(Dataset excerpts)
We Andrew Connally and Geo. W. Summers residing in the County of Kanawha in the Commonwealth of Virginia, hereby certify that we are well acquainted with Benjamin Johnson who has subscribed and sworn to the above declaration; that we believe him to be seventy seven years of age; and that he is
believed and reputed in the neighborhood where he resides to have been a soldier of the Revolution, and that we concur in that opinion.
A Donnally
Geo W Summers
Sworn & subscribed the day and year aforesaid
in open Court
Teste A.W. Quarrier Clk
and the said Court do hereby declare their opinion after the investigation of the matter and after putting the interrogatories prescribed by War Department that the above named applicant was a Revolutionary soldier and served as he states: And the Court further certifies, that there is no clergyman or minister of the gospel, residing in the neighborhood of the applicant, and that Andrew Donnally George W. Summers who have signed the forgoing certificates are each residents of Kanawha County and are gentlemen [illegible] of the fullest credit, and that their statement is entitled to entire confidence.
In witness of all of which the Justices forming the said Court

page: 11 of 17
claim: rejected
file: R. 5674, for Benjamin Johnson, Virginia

What is required: Every entry should be output again exactly as written.

Output for this task:
We Andrew Connally and Geo. W. Summers residing in the County of Kanawha in the Commonwealth of Virginia, hereby certify that we are well acquainted with Benjamin Johnson who has subscribed and sworn to the above declaration; that we believe him to be seventy seven years of age; and that he is
believed and reputed in the neighborhood where he resides to have been a soldier of the Revolution, and that we concur in that opinion.
A Donnally
Geo W Summers
Sworn & subscribed the day and year aforesaid
in open Court
Teste A.W. Quarrier Clk
and the said Court do hereby declare their opinion after the investigation of the matter and after putting the interrogatories prescribed by War Department that the above named applicant was a Revolutionary soldier and served as he states: And the Court further certifies, that there is no clergyman or minister of the gospel, residing in the neighborhood of the applicant, and that Andrew Donnally George W. Summers who have signed the forgoing certificates are each residents of Kanawha County and are gentlemen [illegible] of the fullest credit, and that their statement is entitled to entire confidence.
In witness of all of which the Justices forming the said Court

page: 11 of 17
claim: rejected
file: R. 5674, for Benjamin Johnson, Virginia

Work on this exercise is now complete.